:: Supplied material ::
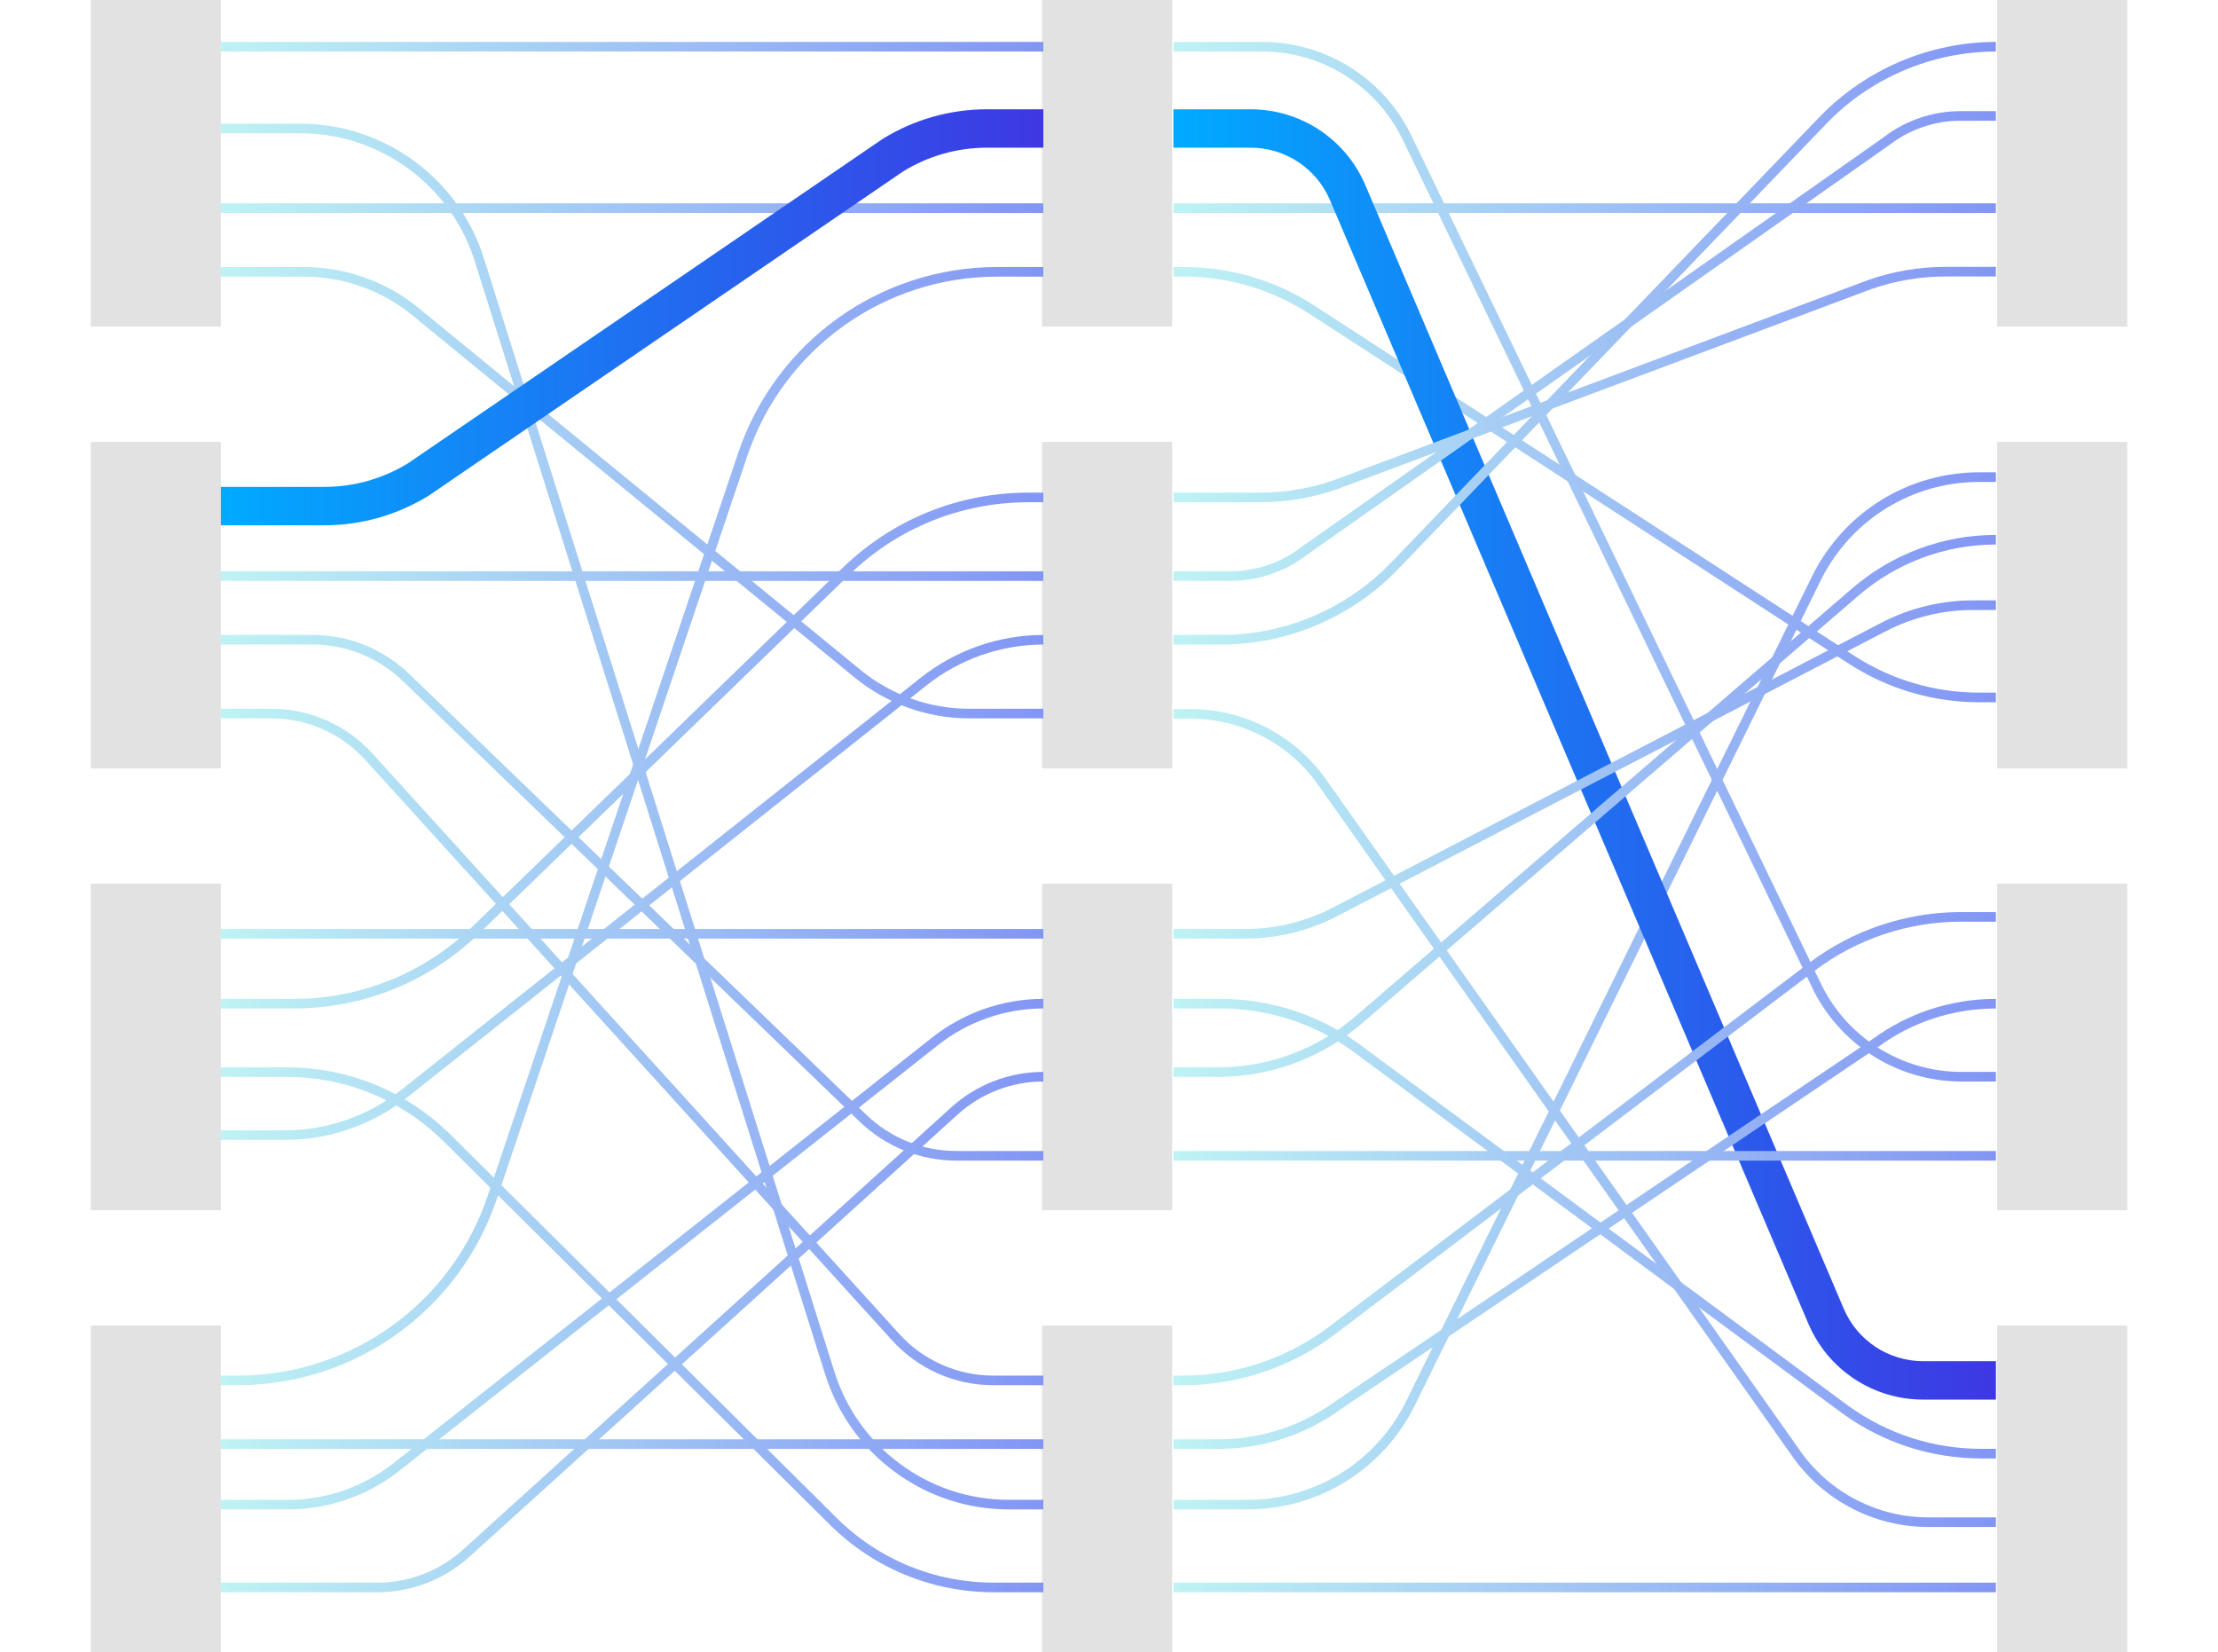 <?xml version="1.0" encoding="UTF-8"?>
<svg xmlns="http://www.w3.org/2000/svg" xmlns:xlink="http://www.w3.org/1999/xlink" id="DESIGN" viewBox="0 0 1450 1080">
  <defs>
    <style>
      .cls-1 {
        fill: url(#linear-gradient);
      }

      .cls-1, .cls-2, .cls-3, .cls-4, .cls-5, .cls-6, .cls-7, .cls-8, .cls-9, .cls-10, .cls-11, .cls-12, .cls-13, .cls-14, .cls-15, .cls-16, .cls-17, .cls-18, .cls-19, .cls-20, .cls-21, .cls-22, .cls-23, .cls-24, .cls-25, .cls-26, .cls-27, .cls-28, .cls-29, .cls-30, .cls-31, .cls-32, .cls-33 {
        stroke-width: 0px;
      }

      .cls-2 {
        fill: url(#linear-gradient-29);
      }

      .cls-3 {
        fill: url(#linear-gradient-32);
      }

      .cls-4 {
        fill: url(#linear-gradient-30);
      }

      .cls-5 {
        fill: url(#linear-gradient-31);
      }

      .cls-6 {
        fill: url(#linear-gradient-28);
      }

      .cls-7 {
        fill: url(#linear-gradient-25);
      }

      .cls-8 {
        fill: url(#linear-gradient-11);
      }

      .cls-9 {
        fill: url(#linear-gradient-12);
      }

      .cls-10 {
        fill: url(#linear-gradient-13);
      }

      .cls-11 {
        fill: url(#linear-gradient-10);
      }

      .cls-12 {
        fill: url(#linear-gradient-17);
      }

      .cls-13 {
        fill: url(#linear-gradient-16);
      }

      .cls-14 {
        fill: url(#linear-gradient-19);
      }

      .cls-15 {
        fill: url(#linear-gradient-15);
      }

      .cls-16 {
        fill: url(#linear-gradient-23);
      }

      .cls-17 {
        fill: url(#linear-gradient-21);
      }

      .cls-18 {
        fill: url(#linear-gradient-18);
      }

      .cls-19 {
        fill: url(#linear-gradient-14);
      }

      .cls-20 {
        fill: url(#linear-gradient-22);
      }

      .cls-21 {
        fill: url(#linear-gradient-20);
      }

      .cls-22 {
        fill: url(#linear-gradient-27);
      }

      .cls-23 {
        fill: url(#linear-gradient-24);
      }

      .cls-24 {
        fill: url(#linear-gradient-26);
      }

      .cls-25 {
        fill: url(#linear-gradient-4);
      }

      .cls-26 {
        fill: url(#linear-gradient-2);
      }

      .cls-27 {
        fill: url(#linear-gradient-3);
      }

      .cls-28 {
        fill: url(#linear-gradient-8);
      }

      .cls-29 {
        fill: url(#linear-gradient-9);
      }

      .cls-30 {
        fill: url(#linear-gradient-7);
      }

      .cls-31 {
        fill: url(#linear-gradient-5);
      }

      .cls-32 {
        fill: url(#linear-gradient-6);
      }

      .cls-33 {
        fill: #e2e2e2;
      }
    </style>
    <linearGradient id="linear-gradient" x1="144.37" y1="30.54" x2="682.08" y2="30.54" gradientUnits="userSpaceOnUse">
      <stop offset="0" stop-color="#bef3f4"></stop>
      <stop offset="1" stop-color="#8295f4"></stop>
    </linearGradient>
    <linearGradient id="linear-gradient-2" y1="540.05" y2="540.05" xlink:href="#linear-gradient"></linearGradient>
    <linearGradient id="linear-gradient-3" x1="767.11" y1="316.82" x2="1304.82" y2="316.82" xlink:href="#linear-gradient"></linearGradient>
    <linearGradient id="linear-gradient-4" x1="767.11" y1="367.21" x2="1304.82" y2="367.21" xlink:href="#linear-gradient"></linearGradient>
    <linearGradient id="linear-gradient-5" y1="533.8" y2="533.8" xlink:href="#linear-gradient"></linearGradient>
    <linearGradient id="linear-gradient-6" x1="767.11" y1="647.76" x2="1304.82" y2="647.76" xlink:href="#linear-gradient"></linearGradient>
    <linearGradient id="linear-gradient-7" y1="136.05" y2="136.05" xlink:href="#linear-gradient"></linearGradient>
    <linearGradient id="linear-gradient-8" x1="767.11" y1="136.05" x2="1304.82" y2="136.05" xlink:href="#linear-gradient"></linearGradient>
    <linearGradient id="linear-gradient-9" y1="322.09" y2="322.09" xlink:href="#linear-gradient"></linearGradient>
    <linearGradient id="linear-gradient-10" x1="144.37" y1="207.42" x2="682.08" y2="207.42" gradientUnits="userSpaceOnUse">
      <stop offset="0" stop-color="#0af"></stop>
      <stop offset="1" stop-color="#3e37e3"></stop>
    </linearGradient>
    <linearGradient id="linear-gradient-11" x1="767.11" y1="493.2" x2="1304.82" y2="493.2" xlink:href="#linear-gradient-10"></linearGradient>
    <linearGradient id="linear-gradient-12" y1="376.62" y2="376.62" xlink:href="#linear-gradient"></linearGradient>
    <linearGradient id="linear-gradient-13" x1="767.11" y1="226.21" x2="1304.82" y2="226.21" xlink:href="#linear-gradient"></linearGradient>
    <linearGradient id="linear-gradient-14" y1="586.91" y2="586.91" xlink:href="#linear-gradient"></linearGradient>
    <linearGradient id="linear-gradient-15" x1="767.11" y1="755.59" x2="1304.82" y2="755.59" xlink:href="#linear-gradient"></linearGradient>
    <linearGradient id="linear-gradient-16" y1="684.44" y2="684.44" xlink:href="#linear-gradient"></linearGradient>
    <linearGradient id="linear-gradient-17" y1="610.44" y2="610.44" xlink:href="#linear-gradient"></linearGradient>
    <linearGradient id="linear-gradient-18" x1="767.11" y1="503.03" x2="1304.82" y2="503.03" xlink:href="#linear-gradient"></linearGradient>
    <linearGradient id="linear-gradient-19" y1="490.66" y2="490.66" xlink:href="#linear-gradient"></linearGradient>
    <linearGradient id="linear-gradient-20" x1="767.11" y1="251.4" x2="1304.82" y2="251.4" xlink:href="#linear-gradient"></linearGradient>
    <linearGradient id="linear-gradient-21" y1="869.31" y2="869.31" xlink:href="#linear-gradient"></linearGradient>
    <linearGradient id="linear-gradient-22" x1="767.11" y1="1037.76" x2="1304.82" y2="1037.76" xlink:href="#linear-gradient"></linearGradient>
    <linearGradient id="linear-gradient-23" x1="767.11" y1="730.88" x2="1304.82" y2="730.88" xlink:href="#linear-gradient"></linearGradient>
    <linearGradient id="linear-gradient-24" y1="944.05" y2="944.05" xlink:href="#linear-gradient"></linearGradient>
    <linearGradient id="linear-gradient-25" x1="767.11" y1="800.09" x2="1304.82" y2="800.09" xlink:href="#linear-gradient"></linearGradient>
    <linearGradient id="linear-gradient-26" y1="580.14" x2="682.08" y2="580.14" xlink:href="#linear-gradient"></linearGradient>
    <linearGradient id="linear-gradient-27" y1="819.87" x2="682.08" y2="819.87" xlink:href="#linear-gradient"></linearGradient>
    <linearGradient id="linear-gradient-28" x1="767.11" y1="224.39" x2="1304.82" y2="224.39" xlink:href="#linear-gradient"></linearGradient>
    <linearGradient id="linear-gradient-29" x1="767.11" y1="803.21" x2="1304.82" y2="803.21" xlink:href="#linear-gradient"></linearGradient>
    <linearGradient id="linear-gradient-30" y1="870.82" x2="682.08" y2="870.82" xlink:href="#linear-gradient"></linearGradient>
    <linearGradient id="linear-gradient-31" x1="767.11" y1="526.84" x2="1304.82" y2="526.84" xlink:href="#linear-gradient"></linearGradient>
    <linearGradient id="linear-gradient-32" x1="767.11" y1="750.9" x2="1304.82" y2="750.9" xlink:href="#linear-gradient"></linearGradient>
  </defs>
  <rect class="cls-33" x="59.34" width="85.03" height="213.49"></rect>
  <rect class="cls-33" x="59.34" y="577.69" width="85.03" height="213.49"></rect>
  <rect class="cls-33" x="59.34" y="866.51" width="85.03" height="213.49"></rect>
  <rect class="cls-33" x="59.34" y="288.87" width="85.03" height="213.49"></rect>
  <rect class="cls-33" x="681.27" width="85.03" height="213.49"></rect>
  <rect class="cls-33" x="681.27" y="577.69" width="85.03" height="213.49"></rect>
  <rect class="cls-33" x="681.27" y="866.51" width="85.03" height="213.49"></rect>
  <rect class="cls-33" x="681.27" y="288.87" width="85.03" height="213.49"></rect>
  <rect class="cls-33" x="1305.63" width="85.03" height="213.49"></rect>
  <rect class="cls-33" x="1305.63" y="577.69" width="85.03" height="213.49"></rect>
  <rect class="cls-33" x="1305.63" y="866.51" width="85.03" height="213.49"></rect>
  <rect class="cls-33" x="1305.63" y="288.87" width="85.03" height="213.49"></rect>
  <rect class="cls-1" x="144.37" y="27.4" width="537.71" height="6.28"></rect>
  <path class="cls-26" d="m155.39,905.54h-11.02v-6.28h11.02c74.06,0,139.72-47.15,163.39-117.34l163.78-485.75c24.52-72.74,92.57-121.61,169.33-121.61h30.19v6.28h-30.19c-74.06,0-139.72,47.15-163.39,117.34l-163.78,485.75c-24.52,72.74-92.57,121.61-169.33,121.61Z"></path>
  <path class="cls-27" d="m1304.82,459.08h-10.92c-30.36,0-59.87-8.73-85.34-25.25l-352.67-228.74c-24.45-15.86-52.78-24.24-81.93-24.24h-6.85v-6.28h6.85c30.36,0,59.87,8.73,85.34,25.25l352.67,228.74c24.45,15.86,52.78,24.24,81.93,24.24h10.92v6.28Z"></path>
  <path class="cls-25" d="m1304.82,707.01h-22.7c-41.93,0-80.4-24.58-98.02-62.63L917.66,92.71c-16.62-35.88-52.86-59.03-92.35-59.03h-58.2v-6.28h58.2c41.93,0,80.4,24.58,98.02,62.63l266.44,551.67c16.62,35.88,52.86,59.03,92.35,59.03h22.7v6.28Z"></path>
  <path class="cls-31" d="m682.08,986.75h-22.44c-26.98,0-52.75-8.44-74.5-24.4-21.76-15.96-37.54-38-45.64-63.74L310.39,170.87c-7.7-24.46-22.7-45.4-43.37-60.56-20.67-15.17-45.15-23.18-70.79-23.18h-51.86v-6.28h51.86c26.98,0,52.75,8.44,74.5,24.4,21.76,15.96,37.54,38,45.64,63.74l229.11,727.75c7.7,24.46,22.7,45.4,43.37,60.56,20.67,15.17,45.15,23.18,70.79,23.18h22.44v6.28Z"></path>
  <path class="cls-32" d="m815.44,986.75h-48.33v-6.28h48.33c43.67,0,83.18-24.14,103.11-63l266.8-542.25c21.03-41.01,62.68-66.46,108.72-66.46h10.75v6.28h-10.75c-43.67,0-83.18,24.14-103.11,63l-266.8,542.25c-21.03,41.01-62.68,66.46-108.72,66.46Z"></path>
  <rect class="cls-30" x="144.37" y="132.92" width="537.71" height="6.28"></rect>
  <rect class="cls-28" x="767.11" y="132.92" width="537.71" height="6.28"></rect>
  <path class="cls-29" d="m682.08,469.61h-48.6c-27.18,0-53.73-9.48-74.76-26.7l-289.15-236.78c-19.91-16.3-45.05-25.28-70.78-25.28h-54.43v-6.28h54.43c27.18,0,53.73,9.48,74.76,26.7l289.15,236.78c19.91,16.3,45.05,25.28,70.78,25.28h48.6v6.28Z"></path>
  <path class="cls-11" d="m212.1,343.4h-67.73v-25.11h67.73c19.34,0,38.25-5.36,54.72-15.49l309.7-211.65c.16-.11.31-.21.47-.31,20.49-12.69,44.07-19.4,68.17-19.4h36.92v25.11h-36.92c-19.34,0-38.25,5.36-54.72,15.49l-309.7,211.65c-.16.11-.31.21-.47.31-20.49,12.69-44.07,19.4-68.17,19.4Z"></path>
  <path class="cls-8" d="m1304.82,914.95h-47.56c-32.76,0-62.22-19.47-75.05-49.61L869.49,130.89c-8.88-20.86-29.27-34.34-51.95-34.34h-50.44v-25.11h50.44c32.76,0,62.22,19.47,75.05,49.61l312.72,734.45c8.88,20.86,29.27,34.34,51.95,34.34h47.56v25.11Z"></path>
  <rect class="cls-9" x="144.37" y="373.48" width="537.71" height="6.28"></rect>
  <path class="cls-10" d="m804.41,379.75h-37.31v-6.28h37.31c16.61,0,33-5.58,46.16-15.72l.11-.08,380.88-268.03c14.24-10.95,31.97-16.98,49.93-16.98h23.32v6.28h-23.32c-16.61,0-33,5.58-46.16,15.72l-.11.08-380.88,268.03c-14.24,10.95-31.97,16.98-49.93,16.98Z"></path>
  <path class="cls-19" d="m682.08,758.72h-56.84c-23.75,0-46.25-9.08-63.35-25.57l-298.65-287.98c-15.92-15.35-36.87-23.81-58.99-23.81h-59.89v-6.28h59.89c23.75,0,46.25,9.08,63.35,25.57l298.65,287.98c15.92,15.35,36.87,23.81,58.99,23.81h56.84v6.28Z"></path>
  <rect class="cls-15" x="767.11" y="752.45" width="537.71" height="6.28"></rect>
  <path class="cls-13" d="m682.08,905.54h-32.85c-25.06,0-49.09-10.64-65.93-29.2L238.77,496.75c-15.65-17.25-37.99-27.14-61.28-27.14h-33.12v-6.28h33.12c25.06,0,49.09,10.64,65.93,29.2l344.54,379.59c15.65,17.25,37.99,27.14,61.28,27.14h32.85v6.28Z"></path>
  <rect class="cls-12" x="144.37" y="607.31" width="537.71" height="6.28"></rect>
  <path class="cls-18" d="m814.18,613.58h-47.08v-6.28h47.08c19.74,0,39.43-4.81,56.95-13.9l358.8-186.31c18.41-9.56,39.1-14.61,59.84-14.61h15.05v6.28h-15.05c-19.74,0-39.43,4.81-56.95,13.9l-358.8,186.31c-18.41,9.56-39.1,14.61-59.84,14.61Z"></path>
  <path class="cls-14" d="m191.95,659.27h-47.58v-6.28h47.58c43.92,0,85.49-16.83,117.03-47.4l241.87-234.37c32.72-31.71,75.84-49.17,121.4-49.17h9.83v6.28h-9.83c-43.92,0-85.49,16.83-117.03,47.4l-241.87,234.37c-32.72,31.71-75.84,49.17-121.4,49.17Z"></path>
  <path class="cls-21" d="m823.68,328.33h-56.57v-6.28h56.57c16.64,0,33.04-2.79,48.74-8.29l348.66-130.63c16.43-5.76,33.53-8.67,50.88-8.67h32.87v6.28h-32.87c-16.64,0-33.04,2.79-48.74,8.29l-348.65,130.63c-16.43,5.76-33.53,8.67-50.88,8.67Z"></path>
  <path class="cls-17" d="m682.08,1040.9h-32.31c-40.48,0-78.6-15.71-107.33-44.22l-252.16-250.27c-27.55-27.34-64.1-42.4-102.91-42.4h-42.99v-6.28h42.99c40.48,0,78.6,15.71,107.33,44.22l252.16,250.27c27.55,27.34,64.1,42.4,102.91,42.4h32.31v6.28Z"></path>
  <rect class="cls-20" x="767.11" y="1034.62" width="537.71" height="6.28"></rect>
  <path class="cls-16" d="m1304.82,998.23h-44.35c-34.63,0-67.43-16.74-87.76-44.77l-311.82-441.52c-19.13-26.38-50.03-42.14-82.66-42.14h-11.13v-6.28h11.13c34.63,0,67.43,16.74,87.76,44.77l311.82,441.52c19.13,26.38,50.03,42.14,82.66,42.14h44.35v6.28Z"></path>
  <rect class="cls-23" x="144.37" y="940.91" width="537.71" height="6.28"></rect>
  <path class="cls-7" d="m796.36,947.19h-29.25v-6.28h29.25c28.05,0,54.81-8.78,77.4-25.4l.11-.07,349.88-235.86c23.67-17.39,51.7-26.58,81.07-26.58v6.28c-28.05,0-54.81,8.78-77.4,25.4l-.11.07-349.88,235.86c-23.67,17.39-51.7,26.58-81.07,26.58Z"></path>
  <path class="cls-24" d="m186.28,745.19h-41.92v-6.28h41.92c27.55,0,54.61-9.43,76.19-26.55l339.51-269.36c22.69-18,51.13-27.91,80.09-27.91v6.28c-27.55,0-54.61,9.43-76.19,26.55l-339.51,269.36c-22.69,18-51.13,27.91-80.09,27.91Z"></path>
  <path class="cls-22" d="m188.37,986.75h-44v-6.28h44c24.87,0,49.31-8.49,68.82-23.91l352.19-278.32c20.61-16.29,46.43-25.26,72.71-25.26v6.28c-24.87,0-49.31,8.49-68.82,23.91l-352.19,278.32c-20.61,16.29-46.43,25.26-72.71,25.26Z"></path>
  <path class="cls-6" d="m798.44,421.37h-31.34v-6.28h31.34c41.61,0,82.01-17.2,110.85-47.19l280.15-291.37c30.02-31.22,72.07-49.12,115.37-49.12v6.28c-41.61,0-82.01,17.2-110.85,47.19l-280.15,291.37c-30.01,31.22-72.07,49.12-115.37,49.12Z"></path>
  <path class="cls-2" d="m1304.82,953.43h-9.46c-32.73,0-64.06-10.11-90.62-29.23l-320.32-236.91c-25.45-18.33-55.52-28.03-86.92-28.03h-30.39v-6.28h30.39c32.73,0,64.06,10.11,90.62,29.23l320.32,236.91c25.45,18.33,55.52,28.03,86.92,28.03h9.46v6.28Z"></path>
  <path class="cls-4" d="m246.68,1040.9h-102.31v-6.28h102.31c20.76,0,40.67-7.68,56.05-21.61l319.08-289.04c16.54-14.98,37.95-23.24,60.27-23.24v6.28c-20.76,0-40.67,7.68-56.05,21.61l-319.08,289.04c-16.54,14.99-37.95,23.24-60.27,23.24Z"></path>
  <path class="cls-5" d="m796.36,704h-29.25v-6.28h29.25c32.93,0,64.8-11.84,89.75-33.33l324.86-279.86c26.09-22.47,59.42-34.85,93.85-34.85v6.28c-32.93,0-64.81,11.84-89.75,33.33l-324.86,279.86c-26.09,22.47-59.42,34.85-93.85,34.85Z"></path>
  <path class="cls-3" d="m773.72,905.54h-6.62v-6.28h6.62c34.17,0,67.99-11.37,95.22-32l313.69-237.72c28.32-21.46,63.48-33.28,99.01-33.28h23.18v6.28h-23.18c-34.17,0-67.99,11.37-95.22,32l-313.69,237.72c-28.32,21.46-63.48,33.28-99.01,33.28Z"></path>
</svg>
:::
- [Task]: With pictures removed, write out exactly each line of the entries from the first through the line that holds "fill: url(#linear-gradient-30);".

- [Exercise answer]:
 <?xml version="1.0" encoding="UTF-8"?>
<svg xmlns="http://www.w3.org/2000/svg" xmlns:xlink="http://www.w3.org/1999/xlink" id="DESIGN" viewBox="0 0 1450 1080">
  <defs>
    <style>
      .cls-1 {
        fill: url(#linear-gradient);
      }

      .cls-1, .cls-2, .cls-3, .cls-4, .cls-5, .cls-6, .cls-7, .cls-8, .cls-9, .cls-10, .cls-11, .cls-12, .cls-13, .cls-14, .cls-15, .cls-16, .cls-17, .cls-18, .cls-19, .cls-20, .cls-21, .cls-22, .cls-23, .cls-24, .cls-25, .cls-26, .cls-27, .cls-28, .cls-29, .cls-30, .cls-31, .cls-32, .cls-33 {
        stroke-width: 0px;
      }

      .cls-2 {
        fill: url(#linear-gradient-29);
      }

      .cls-3 {
        fill: url(#linear-gradient-32);
      }

      .cls-4 {
        fill: url(#linear-gradient-30);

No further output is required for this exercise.